Motions of Parts and Wholes: An Exogenous Reference-Frame Model of Non-Retinotopic Processing
33.416, Sunday, 18-May, 8:30 am - 12:30 pm, Banyan Breezeway
Aaron Clarke1, Haluk Öğmen2, Michael Herzog1; 1BMI, SV, ÉCOLE POLYTECHNIQUE FÉDÉRALE DE LAUSANNE (EPFL), 2Dept. of Electrical & Computer Engineering, University of Houston
Object parts are seen relative to their object. For example, the reflector on a moving bicycle wheel appears to follow a circular path orbiting the wheel’s center. It is almost impossible to perceive the reflector’s “true” retinotopic motion, which is a cycloid. The visual system discounts the bicycle motion from the reflector motion in a similar way to how eye movements are discounted from saccadic shifts. With reflectors, however, no efference copy is available.
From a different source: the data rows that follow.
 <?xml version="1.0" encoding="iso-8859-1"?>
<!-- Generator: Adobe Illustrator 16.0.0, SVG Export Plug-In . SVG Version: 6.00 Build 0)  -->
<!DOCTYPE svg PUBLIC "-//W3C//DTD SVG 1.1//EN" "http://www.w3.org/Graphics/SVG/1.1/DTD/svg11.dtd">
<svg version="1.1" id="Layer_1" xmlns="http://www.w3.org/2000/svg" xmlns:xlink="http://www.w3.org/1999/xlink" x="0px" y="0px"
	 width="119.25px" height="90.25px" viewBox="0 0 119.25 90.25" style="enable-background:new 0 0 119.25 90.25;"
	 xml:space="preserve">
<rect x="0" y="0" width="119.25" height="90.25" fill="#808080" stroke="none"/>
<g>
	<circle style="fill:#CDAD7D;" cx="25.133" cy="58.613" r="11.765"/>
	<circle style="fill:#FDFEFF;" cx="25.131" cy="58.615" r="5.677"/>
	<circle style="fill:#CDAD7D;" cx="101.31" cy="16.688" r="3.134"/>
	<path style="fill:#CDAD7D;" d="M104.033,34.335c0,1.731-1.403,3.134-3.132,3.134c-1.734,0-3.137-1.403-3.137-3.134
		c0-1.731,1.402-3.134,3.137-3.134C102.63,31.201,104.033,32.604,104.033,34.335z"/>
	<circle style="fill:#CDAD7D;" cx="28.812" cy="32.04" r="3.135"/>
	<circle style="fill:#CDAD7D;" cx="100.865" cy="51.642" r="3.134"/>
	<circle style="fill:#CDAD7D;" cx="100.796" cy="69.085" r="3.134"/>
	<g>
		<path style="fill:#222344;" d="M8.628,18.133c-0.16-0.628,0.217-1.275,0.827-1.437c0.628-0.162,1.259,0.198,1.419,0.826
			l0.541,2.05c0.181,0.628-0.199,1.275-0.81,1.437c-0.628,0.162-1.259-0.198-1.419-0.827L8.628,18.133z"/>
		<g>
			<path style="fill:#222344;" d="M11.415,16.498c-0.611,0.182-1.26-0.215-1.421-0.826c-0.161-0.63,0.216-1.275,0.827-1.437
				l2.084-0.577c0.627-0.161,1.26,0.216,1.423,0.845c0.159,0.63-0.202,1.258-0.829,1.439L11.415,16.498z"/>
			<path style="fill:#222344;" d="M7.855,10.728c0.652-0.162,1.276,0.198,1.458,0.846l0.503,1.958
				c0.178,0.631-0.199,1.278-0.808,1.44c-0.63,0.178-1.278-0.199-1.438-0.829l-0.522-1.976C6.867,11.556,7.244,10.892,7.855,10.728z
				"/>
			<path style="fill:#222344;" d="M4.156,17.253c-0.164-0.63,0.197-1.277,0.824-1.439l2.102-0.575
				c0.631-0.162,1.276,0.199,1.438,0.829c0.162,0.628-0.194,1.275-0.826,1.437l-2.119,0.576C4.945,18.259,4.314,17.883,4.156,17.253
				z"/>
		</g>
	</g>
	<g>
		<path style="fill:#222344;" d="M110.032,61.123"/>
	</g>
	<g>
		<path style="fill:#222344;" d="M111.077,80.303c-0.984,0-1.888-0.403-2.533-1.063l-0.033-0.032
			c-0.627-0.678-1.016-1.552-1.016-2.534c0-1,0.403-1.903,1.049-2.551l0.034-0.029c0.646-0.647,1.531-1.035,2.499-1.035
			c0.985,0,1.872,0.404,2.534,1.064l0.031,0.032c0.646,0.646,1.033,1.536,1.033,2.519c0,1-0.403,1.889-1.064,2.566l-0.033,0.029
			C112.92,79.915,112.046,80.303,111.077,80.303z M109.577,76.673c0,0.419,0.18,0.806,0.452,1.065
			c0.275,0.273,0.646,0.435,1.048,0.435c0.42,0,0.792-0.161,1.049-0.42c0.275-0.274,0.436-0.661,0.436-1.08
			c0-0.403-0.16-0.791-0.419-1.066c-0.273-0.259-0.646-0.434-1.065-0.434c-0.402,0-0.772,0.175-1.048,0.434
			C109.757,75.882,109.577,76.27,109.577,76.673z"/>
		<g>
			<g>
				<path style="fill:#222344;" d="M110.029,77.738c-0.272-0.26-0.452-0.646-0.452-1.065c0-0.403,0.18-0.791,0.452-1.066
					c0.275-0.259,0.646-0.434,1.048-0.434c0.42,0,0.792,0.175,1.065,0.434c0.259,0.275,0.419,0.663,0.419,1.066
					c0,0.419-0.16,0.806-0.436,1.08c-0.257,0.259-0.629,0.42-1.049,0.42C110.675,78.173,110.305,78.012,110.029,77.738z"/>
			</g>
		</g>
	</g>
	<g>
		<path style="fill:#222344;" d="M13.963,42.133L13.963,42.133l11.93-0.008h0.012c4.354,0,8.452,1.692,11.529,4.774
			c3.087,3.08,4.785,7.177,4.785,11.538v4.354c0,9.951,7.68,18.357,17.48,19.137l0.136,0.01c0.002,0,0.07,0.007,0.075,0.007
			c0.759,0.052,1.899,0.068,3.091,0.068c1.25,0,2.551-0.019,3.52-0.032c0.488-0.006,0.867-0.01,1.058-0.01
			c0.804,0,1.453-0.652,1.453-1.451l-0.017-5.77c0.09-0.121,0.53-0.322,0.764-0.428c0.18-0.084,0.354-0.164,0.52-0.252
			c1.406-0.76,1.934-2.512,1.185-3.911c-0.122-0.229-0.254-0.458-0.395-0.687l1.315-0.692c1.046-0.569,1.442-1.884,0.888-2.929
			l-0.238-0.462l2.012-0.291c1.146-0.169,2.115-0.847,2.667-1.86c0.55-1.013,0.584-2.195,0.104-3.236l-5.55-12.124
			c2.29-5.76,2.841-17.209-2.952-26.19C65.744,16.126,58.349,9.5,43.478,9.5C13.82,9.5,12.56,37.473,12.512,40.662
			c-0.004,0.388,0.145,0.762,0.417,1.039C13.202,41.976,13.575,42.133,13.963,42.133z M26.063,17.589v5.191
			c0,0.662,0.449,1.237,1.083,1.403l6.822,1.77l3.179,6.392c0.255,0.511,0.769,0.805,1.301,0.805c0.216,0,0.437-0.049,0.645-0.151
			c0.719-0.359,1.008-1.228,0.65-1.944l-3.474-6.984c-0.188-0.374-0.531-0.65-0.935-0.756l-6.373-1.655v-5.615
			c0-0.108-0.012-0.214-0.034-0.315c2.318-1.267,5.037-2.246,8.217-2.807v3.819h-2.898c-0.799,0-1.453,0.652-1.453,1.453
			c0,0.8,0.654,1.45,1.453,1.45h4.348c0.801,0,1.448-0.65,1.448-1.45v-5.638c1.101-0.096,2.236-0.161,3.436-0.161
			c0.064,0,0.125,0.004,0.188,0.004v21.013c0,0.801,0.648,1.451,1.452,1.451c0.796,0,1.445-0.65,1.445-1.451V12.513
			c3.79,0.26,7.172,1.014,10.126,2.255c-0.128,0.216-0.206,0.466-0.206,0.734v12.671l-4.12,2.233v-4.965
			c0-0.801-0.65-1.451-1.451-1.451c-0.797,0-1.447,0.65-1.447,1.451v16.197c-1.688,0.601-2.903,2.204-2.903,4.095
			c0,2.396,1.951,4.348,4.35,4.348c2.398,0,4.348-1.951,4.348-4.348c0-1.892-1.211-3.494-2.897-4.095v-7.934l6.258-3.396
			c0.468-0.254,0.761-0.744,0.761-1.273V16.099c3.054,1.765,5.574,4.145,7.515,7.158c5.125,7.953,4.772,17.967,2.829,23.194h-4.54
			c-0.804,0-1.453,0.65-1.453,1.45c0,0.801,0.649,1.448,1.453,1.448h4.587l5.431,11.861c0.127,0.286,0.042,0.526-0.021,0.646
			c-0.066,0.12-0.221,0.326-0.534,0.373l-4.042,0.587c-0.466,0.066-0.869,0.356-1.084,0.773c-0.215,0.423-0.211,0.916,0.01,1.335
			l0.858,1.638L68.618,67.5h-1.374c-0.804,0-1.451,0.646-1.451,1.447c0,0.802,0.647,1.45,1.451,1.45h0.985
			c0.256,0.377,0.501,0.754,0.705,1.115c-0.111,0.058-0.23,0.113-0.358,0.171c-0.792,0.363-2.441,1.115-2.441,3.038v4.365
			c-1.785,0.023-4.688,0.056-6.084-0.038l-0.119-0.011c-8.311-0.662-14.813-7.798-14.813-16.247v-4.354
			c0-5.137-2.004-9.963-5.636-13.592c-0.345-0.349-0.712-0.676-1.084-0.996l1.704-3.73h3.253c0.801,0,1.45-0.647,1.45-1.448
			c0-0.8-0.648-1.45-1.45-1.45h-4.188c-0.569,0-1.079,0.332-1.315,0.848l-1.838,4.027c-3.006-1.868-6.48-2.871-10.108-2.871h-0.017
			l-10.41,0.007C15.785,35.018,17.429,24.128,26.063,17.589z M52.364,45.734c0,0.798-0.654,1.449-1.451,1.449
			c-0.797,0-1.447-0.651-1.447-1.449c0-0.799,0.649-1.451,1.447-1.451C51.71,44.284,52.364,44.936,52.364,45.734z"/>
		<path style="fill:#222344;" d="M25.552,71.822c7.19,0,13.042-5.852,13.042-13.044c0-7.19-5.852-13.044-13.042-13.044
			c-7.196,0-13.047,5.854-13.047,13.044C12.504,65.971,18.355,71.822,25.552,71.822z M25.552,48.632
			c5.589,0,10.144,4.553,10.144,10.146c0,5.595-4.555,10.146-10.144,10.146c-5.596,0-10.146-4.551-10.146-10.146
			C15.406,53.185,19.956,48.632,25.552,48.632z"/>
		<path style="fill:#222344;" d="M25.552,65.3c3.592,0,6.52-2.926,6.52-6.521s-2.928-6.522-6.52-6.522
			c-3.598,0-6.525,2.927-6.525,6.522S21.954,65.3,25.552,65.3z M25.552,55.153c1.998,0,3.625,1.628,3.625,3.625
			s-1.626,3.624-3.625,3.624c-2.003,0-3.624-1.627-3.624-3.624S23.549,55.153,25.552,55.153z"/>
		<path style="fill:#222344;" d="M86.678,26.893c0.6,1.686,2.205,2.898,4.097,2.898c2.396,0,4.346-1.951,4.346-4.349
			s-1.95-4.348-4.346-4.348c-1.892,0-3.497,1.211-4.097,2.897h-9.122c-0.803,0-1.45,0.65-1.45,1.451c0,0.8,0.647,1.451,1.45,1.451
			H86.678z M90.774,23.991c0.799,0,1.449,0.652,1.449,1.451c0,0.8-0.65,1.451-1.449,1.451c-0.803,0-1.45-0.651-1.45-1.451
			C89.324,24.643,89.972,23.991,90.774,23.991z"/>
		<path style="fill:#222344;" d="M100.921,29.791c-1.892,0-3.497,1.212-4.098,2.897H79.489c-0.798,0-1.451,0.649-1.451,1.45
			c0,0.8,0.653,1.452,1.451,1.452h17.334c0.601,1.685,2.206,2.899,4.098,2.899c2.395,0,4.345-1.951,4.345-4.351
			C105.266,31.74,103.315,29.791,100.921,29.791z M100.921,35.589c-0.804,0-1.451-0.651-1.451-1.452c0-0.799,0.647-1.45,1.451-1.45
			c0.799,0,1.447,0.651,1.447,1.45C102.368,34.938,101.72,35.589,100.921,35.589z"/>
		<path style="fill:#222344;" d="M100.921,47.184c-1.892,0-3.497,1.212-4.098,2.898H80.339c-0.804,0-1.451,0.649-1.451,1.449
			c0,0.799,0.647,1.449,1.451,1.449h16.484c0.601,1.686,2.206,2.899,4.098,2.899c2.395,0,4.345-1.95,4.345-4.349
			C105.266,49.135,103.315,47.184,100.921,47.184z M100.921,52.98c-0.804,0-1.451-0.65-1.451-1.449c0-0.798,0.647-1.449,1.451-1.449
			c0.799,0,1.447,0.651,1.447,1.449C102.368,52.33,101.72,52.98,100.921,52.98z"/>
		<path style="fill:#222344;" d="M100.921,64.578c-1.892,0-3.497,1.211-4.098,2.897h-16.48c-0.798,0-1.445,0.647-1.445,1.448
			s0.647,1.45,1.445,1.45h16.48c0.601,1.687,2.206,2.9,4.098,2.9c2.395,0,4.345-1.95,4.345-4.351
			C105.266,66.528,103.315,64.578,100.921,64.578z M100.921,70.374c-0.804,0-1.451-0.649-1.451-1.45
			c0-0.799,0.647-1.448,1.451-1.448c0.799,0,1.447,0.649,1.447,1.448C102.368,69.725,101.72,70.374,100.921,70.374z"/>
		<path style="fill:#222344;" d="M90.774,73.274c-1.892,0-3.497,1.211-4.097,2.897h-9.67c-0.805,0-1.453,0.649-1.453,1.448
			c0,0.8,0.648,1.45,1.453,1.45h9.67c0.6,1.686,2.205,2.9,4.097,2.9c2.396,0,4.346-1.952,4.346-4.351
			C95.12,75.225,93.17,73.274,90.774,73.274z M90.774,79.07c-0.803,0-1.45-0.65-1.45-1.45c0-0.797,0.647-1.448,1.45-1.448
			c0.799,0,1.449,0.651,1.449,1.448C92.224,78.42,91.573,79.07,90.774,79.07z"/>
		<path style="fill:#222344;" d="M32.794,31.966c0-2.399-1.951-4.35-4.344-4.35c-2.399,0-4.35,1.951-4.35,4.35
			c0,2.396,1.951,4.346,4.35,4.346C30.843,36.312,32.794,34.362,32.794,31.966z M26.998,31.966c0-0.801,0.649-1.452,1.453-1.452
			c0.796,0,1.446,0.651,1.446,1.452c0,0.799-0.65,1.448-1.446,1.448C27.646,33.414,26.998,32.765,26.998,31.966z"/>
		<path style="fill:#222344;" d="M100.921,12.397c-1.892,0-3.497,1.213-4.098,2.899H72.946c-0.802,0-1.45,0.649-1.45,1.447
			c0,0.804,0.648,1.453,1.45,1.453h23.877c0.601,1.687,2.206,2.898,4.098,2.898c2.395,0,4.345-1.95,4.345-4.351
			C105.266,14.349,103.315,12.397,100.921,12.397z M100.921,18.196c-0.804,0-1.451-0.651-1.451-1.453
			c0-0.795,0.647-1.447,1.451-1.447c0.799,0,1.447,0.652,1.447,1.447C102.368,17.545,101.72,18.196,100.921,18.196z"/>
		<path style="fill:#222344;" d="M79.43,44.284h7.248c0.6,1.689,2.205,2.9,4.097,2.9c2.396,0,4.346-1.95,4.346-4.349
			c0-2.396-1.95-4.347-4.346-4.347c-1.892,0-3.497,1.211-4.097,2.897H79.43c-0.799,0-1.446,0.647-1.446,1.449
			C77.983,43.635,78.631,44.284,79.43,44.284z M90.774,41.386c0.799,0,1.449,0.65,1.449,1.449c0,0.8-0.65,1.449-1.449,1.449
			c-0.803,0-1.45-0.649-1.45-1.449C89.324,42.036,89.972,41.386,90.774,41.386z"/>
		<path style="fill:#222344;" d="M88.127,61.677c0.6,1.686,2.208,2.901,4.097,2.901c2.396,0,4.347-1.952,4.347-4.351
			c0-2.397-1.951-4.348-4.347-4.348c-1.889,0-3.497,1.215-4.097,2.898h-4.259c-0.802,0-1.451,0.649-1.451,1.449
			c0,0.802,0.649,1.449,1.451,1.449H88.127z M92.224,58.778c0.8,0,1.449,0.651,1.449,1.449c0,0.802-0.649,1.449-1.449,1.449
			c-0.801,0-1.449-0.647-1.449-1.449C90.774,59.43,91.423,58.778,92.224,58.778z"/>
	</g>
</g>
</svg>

In addition, the visual system needs to create an exogenous reference-frame for each bicycle. Relativity of motion cannot easily be explained by classical motion models because they can only pick out retinotopic motion. Here, we show how a two-stage model, based on vector fields, can explain relativity of motion. The image is first segmented into objects and their parts (e.g. bicycles, reflectors, etc.) using association fields. Motion is computed for each object (e.g., bicycle and reflector motions) using standard motion detectors. Ambiguous correspondence matches are resolved using an autoassociative neural network (Dawson, 1991). Next, the motion vectors are grouped into local manifolds using grouping cues such as proximity and common fate (resulting in all the motion vectors from one bicycle and its parts being grouped together). Within each group, the common motion vector is, then, subtracted from the individual motion vectors (e.g., the bicycle motion is subtracted from the motion of its reflectors). Thus, the model tracks the bicycle and its reflectors across time, discounting for the bicycle’s overall motion. We test our model on several benchmarks, including the non-retinotopic motion perception in the Ternus-Pikler Display. Our model clearly outperforms all past models that either lack image segmentation or that apply only a single spatio-temporal filtering stage and thus fail to put object parts into a motion-based exogenous reference frame.